▶ _Problem requirements_
Apart from the pictures, every entry below should be repeated exactly.

▶ _Data to use_

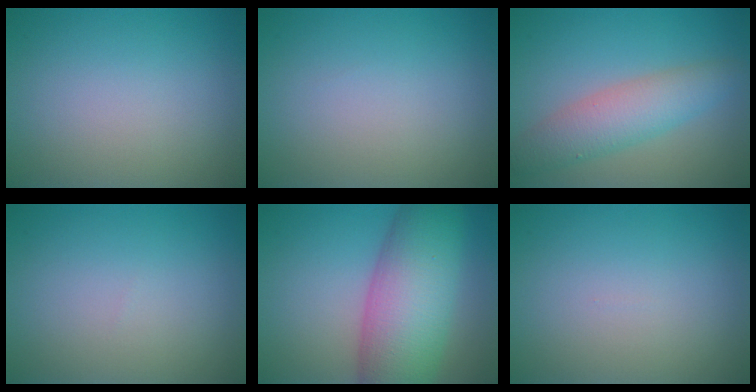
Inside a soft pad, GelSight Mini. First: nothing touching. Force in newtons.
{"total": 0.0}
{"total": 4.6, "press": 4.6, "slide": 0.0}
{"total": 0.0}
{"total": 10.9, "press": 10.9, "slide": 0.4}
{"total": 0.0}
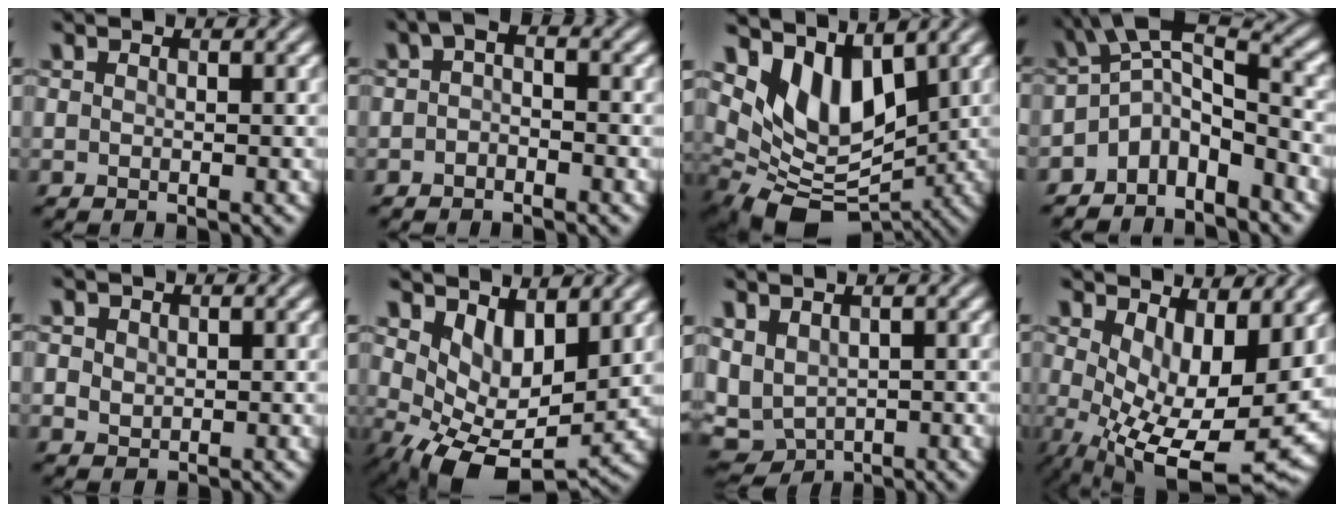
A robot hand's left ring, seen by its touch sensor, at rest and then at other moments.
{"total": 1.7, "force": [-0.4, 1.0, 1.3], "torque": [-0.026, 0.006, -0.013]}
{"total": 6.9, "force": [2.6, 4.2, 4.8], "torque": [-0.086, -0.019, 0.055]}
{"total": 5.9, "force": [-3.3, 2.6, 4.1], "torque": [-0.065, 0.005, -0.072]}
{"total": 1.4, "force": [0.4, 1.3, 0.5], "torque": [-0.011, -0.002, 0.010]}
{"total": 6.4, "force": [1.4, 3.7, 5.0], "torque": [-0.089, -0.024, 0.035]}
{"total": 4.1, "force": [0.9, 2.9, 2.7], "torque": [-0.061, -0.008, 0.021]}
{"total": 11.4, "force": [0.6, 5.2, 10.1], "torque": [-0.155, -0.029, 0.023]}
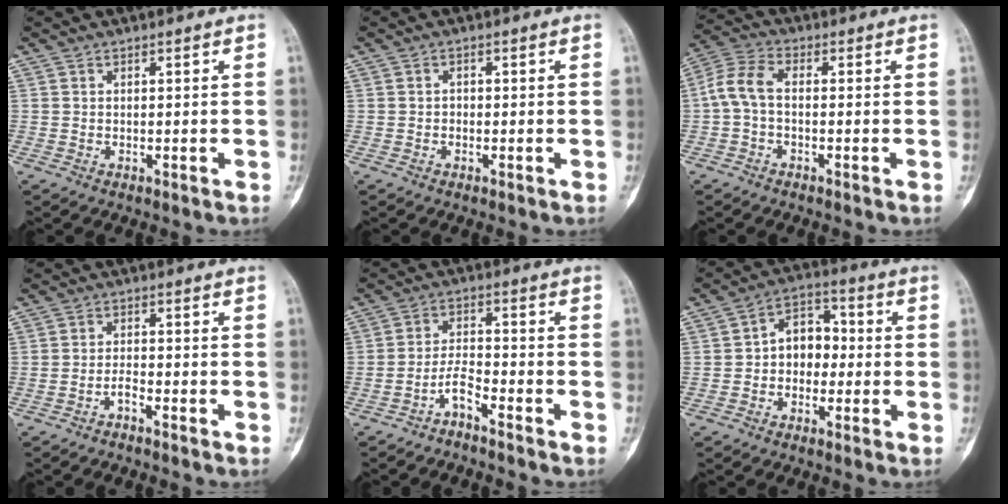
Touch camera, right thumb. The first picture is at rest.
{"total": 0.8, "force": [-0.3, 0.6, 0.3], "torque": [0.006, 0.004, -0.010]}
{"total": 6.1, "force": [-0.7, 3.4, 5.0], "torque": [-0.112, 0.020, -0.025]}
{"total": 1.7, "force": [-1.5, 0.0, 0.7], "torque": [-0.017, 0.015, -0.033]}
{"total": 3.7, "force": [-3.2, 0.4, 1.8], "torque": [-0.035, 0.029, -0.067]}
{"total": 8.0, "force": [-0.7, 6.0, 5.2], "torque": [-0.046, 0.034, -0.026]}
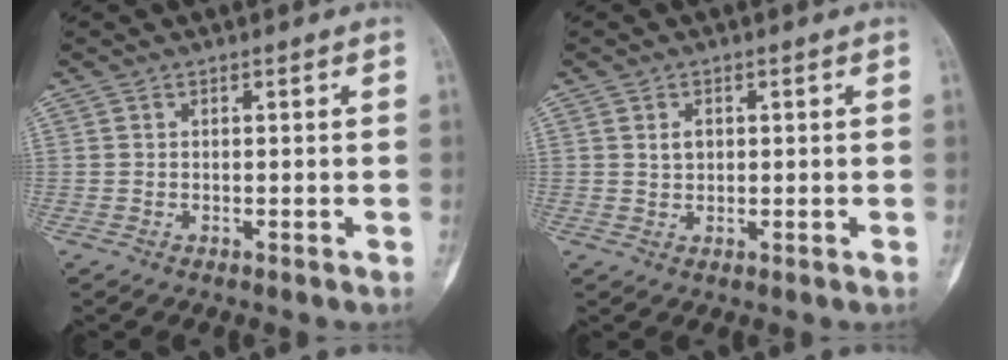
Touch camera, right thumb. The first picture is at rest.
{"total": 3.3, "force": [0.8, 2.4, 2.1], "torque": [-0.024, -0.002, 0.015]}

▶ _Exercise response_
Inside a soft pad, GelSight Mini. First: nothing touching. Force in newtons.
{"total": 0.0}
{"total": 4.6, "press": 4.6, "slide": 0.0}
{"total": 0.0}
{"total": 10.9, "press": 10.9, "slide": 0.4}
{"total": 0.0}
A robot hand's left ring, seen by its touch sensor, at rest and then at other moments.
{"total": 1.7, "force": [-0.4, 1.0, 1.3], "torque": [-0.026, 0.006, -0.013]}
{"total": 6.9, "force": [2.6, 4.2, 4.8], "torque": [-0.086, -0.019, 0.055]}
{"total": 5.9, "force": [-3.3, 2.6, 4.1], "torque": [-0.065, 0.005, -0.072]}
{"total": 1.4, "force": [0.4, 1.3, 0.5], "torque": [-0.011, -0.002, 0.010]}
{"total": 6.4, "force": [1.4, 3.7, 5.0], "torque": [-0.089, -0.024, 0.035]}
{"total": 4.1, "force": [0.9, 2.9, 2.7], "torque": [-0.061, -0.008, 0.021]}
{"total": 11.4, "force": [0.6, 5.2, 10.1], "torque": [-0.155, -0.029, 0.023]}
Touch camera, right thumb. The first picture is at rest.
{"total": 0.8, "force": [-0.3, 0.6, 0.3], "torque": [0.006, 0.004, -0.010]}
{"total": 6.1, "force": [-0.7, 3.4, 5.0], "torque": [-0.112, 0.020, -0.025]}
{"total": 1.7, "force": [-1.5, 0.0, 0.7], "torque": [-0.017, 0.015, -0.033]}
{"total": 3.7, "force": [-3.2, 0.4, 1.8], "torque": [-0.035, 0.029, -0.067]}
{"total": 8.0, "force": [-0.7, 6.0, 5.2], "torque": [-0.046, 0.034, -0.026]}
Touch camera, right thumb. The first picture is at rest.
{"total": 3.3, "force": [0.8, 2.4, 2.1], "torque": [-0.024, -0.002, 0.015]}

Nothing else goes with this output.